I forgot how to move for a second.
He didn’t look through me. He looked at me.
“Mr. Carrington,” he said, tone even, “is he in?”
“No,” I said, and my voice came out small, like it didn’t belong to me either. “He’s not.”
A pause.
He stepped in, letting the door swing shut behind him. No sound, just the click of the latch. His shoes didn’t even squeak on the floor I’d just polished.
“Is he expected soon?” he asked.
“I don’t know.”
He tilted his head, eyes narrowing just a little. Not angry. Just… studying. I didn’t like it.
He wasn’t supposed to be studying me.
“You’re…?” he asked, not finishing the question.
I didn’t answer.
He took out his phone. Scrolled. His attention snapped away from me, like I’d been a wrong number. I stood up too fast, almost knocked over the bucket. My hands trembled a little. I tried to hide them by wiping them on my apron.
I should have left. I should’ve taken my bucket and slipped out through the service door.
But something about him rooted me to the spot.
Then I saw it.
On his shirt cuff, stitched into the fabric in dark thread, barely noticeable if you weren’t looking.
A crest.
I knew that symbol. I’d seen it once. On a sealed envelope that Salma shoved deep into her desk drawer and slammed shut when she caught me near it.
My stomach dropped. Cold spread from the back of my neck down my spine.
This man. He wasn’t just a visitor.
This was Victor Moreau.
And he was standing in the middle of the Carrington foyer like he owned the air.
He glanced up from his phone and caught me staring. His expression didn’t change. But something in his posture did. Like he knew I knew.
“What’s your name?” he asked.
I opened my mouth. Then I closed it. Then said, “Helena.”
He repeated it under his breath, once. Not mocking. Just testing the shape of it.
“You work here?”
I nodded.
He looked past me, around the room again. His fingers tapped once on the edge of his phone.
“You’re not just a maid.”
That stopped me.
“I–what?”
“You looked at my cuff,” he said. “You recognized it.”

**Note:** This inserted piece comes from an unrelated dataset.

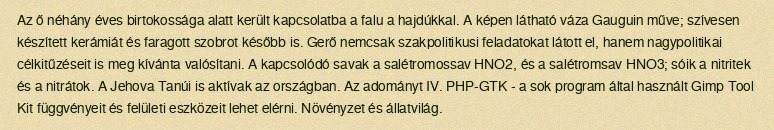
Az ő néhány éves birtokossága alatt került kapcsolatba a falu a hajdúkkal. A képen látható váza Gauguin műve; szívesen készített kerámiát és faragott szobrot később is. Gerő nemcsak szakpolitikusi feladatokat látott el, hanem nagypolitikai célkitűzéseit is meg kívánta valósítani. A kapcsolódó savak a salétromossav HNO2, és a salétromsav HNO3; sóik a nitritek és a nitrátok. A Jehova Tanúi is aktívak az országban. Az adományt IV. PHP-GTK - a sok program által használt Gimp Tool Kit függvényeit és felületi eszközeit lehet elérni. Növényzet és állatvilág.

I didn’t respond. My hands tightened on the cloth still in my grip.
His voice dropped lower.
“You know who I am.”
This time, I didn’t nod. I didn’t blink.
“I’ve heard of you,” I said carefully.
He gave the smallest smile. But it wasn’t a warm one. It was the kind of smile you give when you’re waiting for the punchline.
“What have you heard?” he asked.
“That you’re not supposed to be here.”
He looked around again, almost amused. “And yet.”
Neither of us moved.
The marble beneath his feet still had a faint wet spot from where I hadn’t finished polishing. He didn’t seem to notice. Or maybe he did, and he didn’t care.
“Tell Mr. Carrington I’ll be back,” he said. “Soon.”
Then he walked past me. No goodbye. No glance back. Just his scent lingering behind him. Clean. Like rain and steel.
I watched him walk away. I wanted to breathe again, but felt like I couldn't.
He hadn’t come here by accident.
He came for a reason.
And whatever it was,
it had to do with the envelope in Salma’s drawer.
For the first time since I came into this house, someone looked me in the eye… and didn’t look away.